** PROVIDED INFORMATION follows **

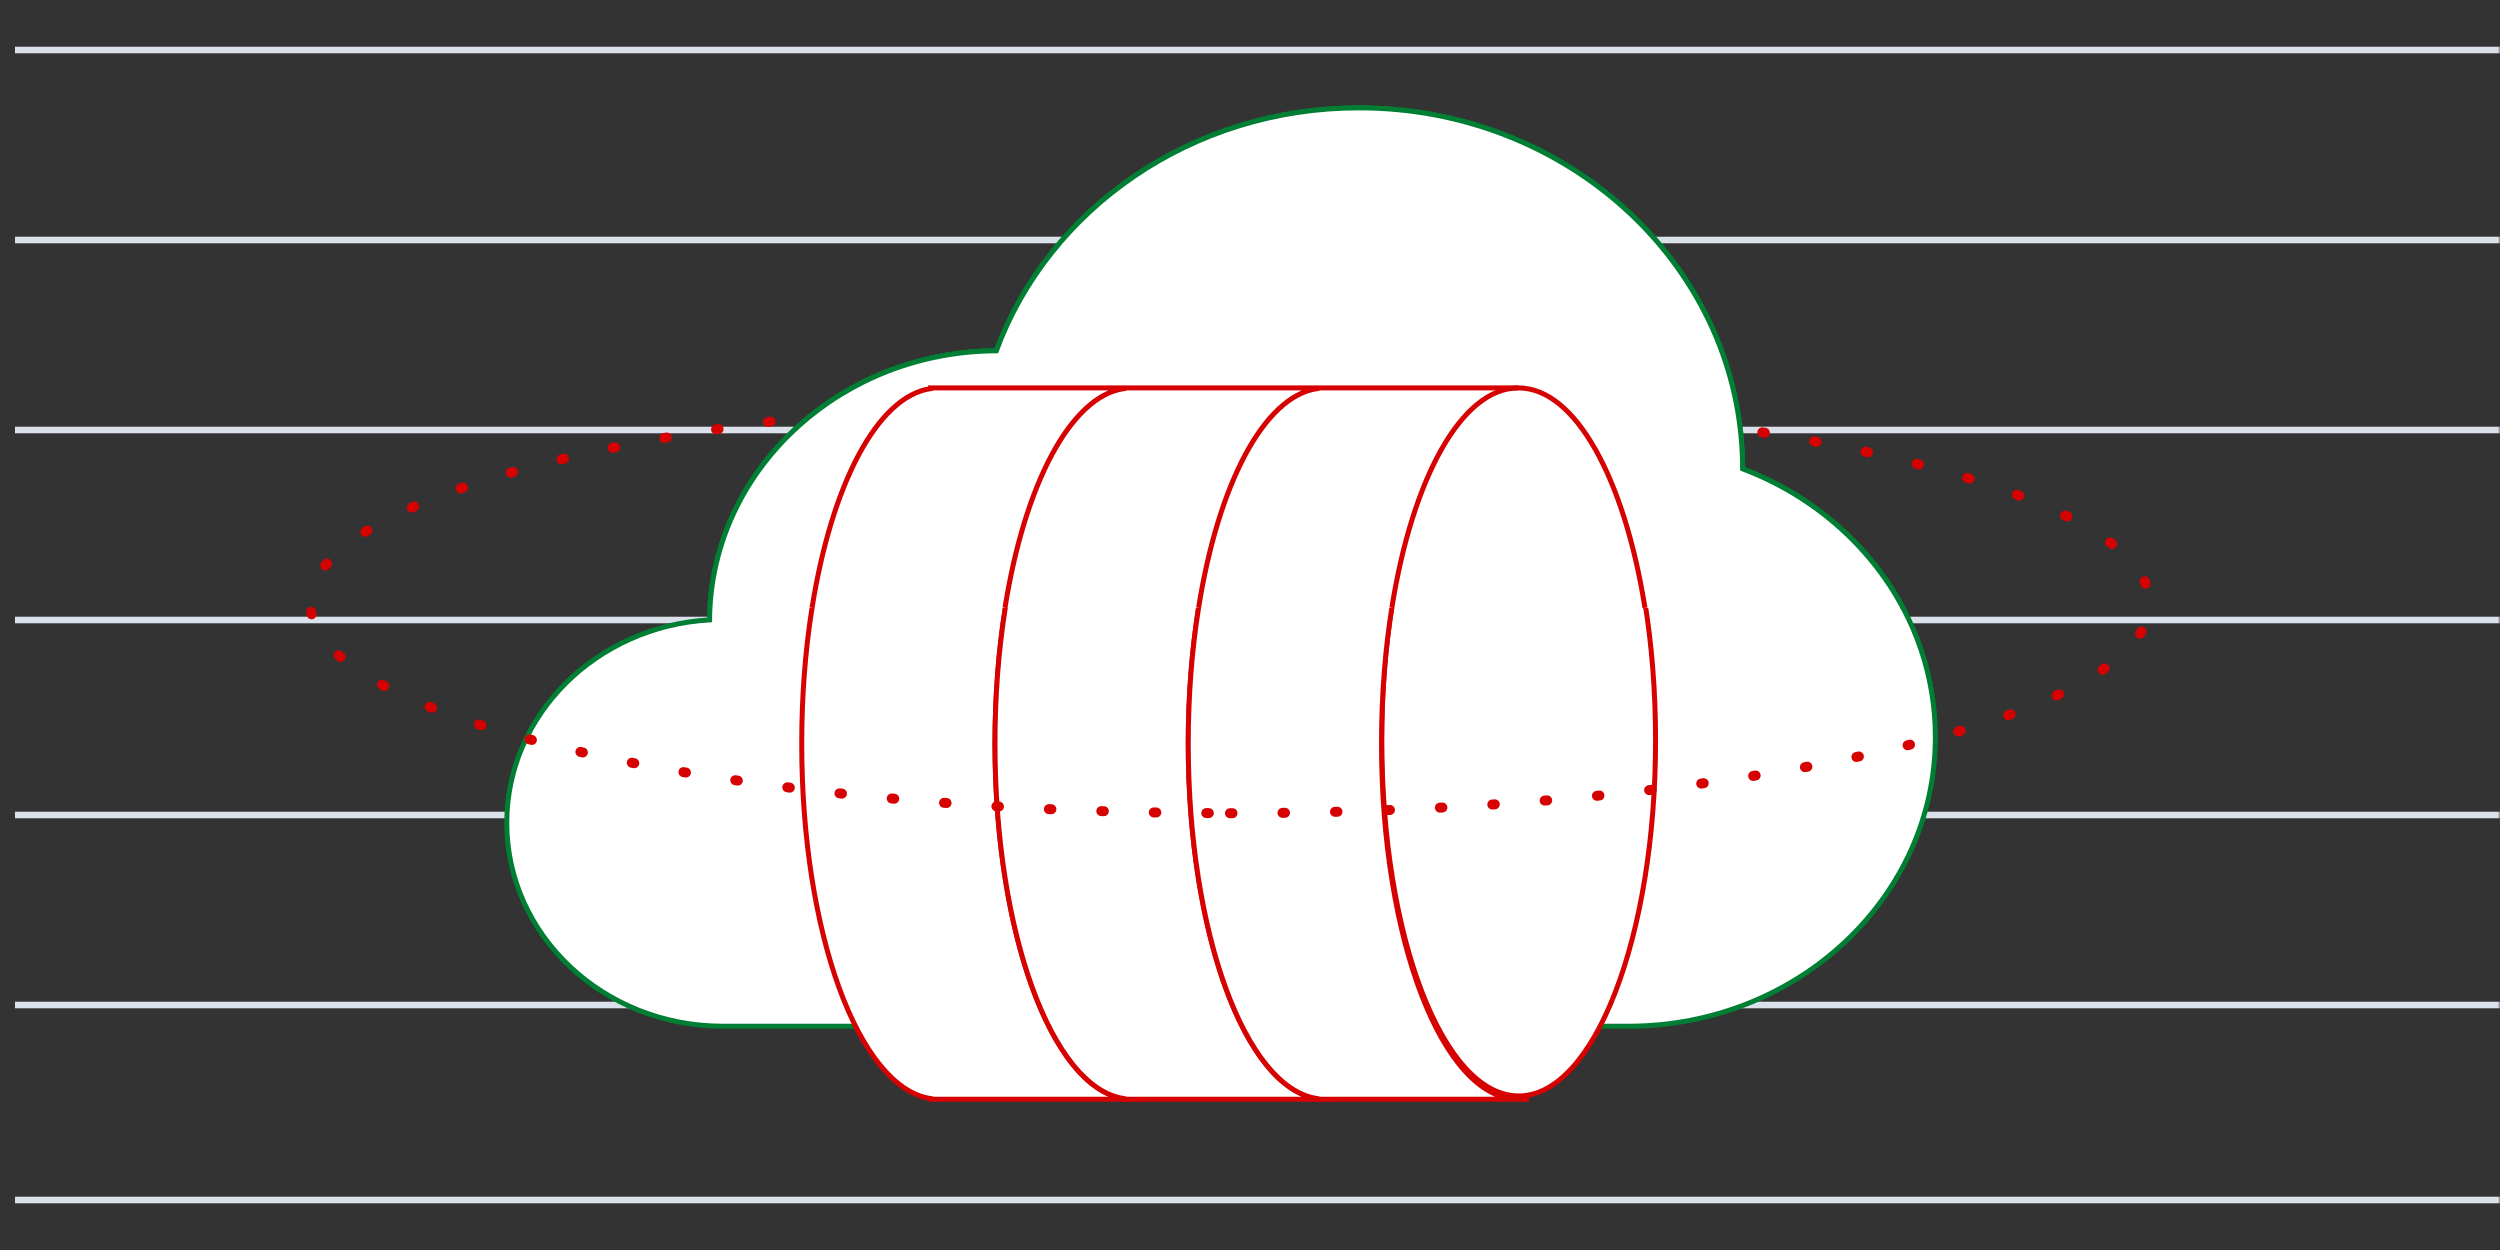 <svg width="500" height="250" viewBox="0 0 500 250" fill="none" xmlns="http://www.w3.org/2000/svg">
<rect x="0" y="0" width="500" height="250" fill="#333333" stroke="none"/>
<g clip-path="url(#clip0_2177_1637)">
<mask id="mask0_2177_1637" style="mask-type:luminance" maskUnits="userSpaceOnUse" x="0" y="0" width="500" height="250">
<path d="M500 0H0V250H500V0Z" fill="white"/>
</mask>
<g mask="url(#mask0_2177_1637)">
<path d="M503 10H3" stroke="#DAE1EB" stroke-width="1.316"/>
<path d="M503 201H3" stroke="#DAE1EB" stroke-width="1.316"/>
<path d="M503 163H3" stroke="#DAE1EB" stroke-width="1.316"/>
<path d="M503 124H3" stroke="#DAE1EB" stroke-width="1.316"/>
<path d="M503 86H3" stroke="#DAE1EB" stroke-width="1.316"/>
<path d="M503 48H3" stroke="#DAE1EB" stroke-width="1.316"/>
<path d="M503 240H3" stroke="#DAE1EB" stroke-width="1.316"/>
<path d="M141.909 123.977C142.157 94.3 167.718 70.297 199.268 70.158C209.671 41.878 238.213 21.572 271.793 21.572C314.157 21.572 348.504 53.891 348.525 93.766C371.118 102.303 387.071 123.116 387.071 147.436C387.071 179.363 359.577 205.245 325.661 205.245H144.563C120.701 205.245 101.357 187.036 101.357 164.573C101.357 142.95 119.283 125.268 141.909 123.977Z" fill="white" stroke="#007F34"/>
<path d="M198.998 148.714C198.998 187.998 211.257 219.845 226.377 219.845H186.114V219.713C171.744 217.545 160.345 186.595 160.345 148.714C160.345 110.834 171.744 79.883 186.114 77.716V77.583H226.377C211.257 77.583 198.998 109.429 198.998 148.714Z" fill="white" stroke="#D60202"/>
<path d="M227.988 219.845H226.377C226.918 219.845 227.452 219.791 227.988 219.713V219.845Z" fill="white" stroke="#D60202"/>
<path d="M227.988 77.716C227.452 77.636 226.918 77.582 226.377 77.582H227.988V77.716Z" fill="white" stroke="#D60202"/>
<path d="M237.65 148.714C237.65 187.998 249.909 219.845 265.029 219.845H224.766V219.713C210.396 217.545 198.996 186.595 198.996 148.714C198.996 110.834 210.396 79.883 224.766 77.716V77.583H265.029C249.909 77.583 237.65 109.429 237.65 148.714Z" fill="white" stroke="#D60202"/>
<path d="M266.639 219.845H265.029C265.57 219.845 266.104 219.791 266.639 219.713V219.845Z" fill="white" stroke="#D60202"/>
<path d="M266.639 77.716C266.104 77.636 265.57 77.582 265.029 77.582H266.639V77.716Z" fill="white" stroke="#D60202"/>
<path d="M276.357 148.06C276.357 108.775 288.614 76.929 303.736 76.929C318.857 76.929 331.114 108.775 331.114 148.06C331.114 187.345 318.857 219.191 303.736 219.191C288.614 219.191 276.357 187.345 276.357 148.06Z" fill="white" stroke="#D60202"/>
<path d="M276.302 148.714C276.302 187.998 288.561 219.845 303.68 219.845H263.418V219.713C249.048 217.545 237.65 186.595 237.65 148.714C237.65 110.834 249.048 79.883 263.418 77.716V77.583H303.68C288.561 77.583 276.302 109.429 276.302 148.714Z" fill="white" stroke="#D60202"/>
<path d="M305.291 219.845H303.68C304.221 219.845 304.757 219.791 305.291 219.713V219.845Z" fill="white" stroke="#D60202"/>
<path d="M305.291 77.716C304.757 77.636 304.221 77.582 303.68 77.582H305.291V77.716Z" fill="white" stroke="#D60202"/>
<path d="M246 162.643C347.581 162.643 429.929 143.855 429.929 120.679C429.929 97.502 347.581 78.714 246 78.714C144.419 78.714 62.072 97.502 62.072 120.679C62.072 143.855 144.419 162.643 246 162.643Z" stroke="#D60202" stroke-width="2" stroke-linecap="round" stroke-dasharray="0.5 10"/>
<path d="M380.596 121.571H141.984C143.55 93.013 168.574 70.293 199.268 70.158C209.67 41.878 238.213 21.572 271.793 21.572C314.157 21.572 348.504 53.891 348.523 93.766C362.48 99.04 373.902 108.997 380.596 121.571Z" fill="white"/>
<path d="M380.596 121.571C373.902 108.997 362.48 99.04 348.523 93.766C348.504 53.891 314.157 21.572 271.793 21.572C238.213 21.572 209.67 41.878 199.268 70.158C168.574 70.293 143.55 93.013 141.984 121.571" stroke="#007F34"/>
<path d="M328.996 121.571C324.889 95.752 315.102 77.583 303.68 77.583H186.113V77.717C175.391 79.334 166.322 96.979 162.41 121.571H201.063C204.973 96.974 214.043 79.32 224.766 77.704V77.717C214.043 79.334 204.975 96.979 201.063 121.571H239.714C243.627 96.974 252.695 79.321 263.418 77.704V77.717C252.696 79.334 243.627 96.979 239.714 121.571H328.996Z" fill="white"/>
<path d="M303.68 77.583H186.112V77.717C175.389 79.334 166.321 96.979 162.409 121.571M201 121.571C204.912 96.974 214.041 79.32 224.766 77.704V77.717C214.043 79.334 204.912 96.979 201 121.571ZM239.714 121.571C243.625 96.974 252.695 79.321 263.418 77.704V77.717C252.695 79.334 243.627 96.979 239.714 121.571Z" stroke="#D60202"/>
<path d="M328.996 121.571C324.889 95.752 315.102 77.583 303.68 77.583C292.259 77.583 282.471 95.752 278.366 121.571" stroke="#D60202"/>
</g>
</g>
<defs>
<clipPath id="clip0_2177_1637">
<rect width="500" height="250" fill="white"/>
</clipPath>
</defs>
</svg>

** End of PROVIDED INFORMATION **

Nothing but lines that contain "clipPath" should appear in the answer. Copy each from the records.

▶ FINISHED TASK
<clipPath id="clip0_2177_1637">
</clipPath>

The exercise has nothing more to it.